◆ **PROBLEM**: Write out each line below precisely, passing over the pictures.

◆ **THE DATA**:
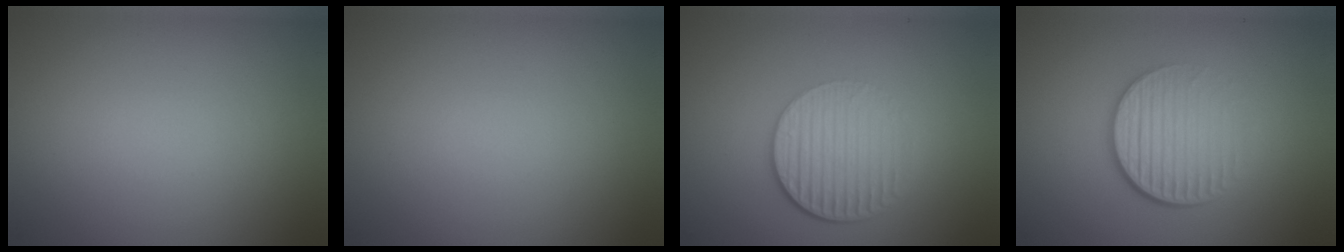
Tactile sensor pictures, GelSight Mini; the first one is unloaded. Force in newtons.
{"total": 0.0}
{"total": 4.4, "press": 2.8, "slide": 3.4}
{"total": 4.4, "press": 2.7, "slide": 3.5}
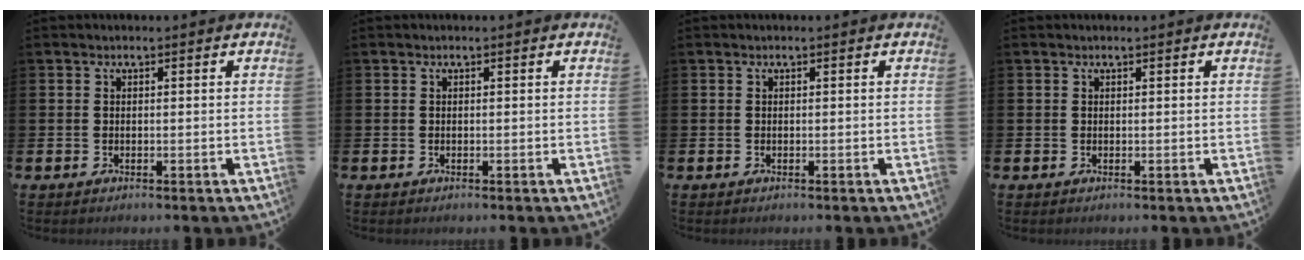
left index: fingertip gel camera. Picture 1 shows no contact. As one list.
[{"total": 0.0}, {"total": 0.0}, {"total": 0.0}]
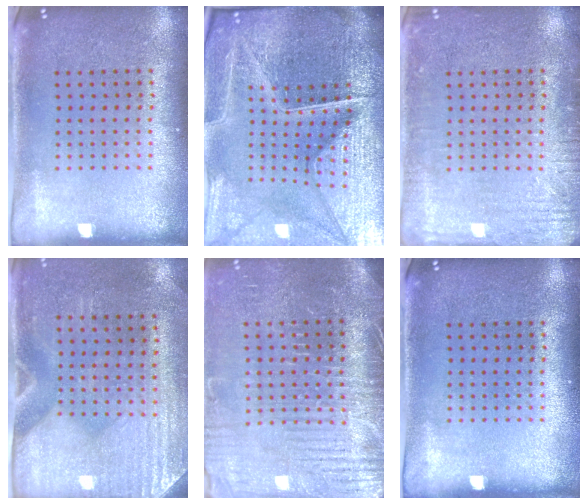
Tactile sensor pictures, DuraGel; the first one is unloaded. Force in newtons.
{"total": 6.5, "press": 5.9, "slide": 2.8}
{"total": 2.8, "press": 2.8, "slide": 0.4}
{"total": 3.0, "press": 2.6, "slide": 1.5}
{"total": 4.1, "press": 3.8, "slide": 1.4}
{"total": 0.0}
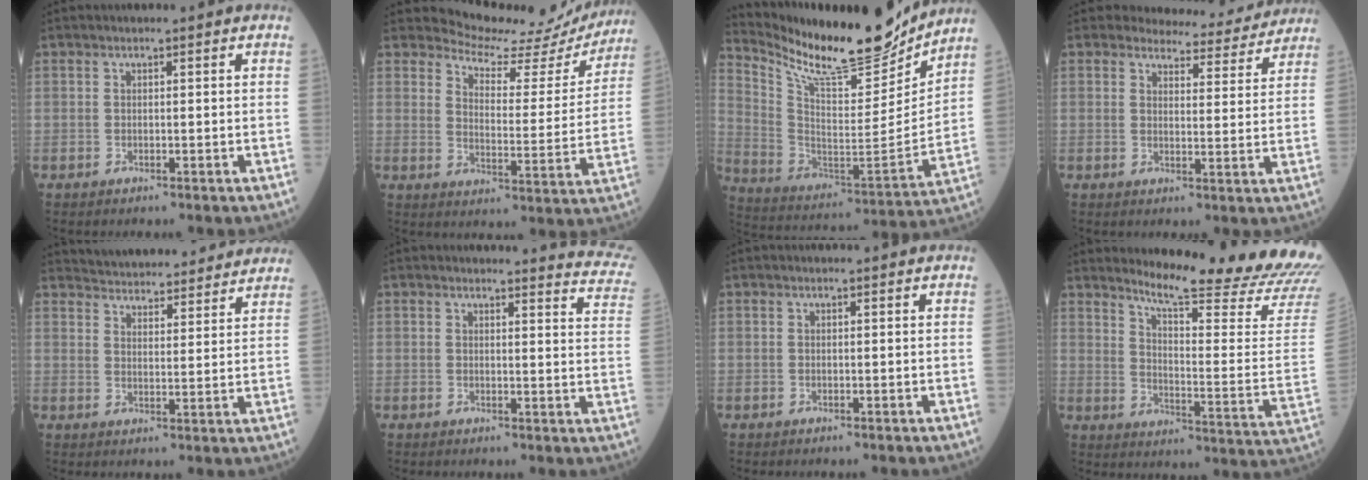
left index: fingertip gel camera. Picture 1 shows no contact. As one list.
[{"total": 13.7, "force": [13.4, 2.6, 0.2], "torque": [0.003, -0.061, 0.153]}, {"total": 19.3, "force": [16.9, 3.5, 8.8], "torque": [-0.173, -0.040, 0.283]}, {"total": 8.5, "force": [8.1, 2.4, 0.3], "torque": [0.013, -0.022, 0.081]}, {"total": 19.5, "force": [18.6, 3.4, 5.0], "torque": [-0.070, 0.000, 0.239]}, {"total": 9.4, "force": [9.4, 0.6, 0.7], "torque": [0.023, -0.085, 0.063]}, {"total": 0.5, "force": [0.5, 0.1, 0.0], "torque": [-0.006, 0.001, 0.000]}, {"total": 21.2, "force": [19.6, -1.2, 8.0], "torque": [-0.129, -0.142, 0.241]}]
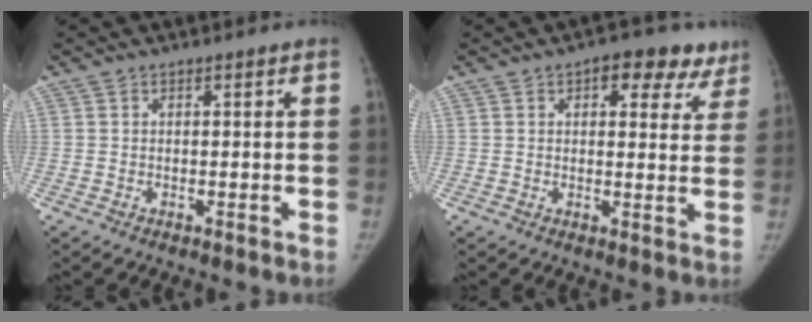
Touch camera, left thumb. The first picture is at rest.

◆ **SOLVED EXERCISE**:
Tactile sensor pictures, GelSight Mini; the first one is unloaded. Force in newtons.
{"total": 0.0}
{"total": 4.4, "press": 2.8, "slide": 3.4}
{"total": 4.4, "press": 2.7, "slide": 3.5}
left index: fingertip gel camera. Picture 1 shows no contact. As one list.
[{"total": 0.0}, {"total": 0.0}, {"total": 0.0}]
Tactile sensor pictures, DuraGel; the first one is unloaded. Force in newtons.
{"total": 6.5, "press": 5.9, "slide": 2.8}
{"total": 2.8, "press": 2.8, "slide": 0.4}
{"total": 3.0, "press": 2.6, "slide": 1.5}
{"total": 4.1, "press": 3.8, "slide": 1.4}
{"total": 0.0}
left index: fingertip gel camera. Picture 1 shows no contact. As one list.
[{"total": 13.7, "force": [13.4, 2.6, 0.2], "torque": [0.003, -0.061, 0.153]}, {"total": 19.3, "force": [16.9, 3.5, 8.8], "torque": [-0.173, -0.040, 0.283]}, {"total": 8.5, "force": [8.1, 2.4, 0.3], "torque": [0.013, -0.022, 0.081]}, {"total": 19.5, "force": [18.6, 3.4, 5.0], "torque": [-0.070, 0.000, 0.239]}, {"total": 9.4, "force": [9.4, 0.6, 0.7], "torque": [0.023, -0.085, 0.063]}, {"total": 0.5, "force": [0.5, 0.1, 0.0], "torque": [-0.006, 0.001, 0.000]}, {"total": 21.2, "force": [19.6, -1.2, 8.0], "torque": [-0.129, -0.142, 0.241]}]
Touch camera, left thumb. The first picture is at rest.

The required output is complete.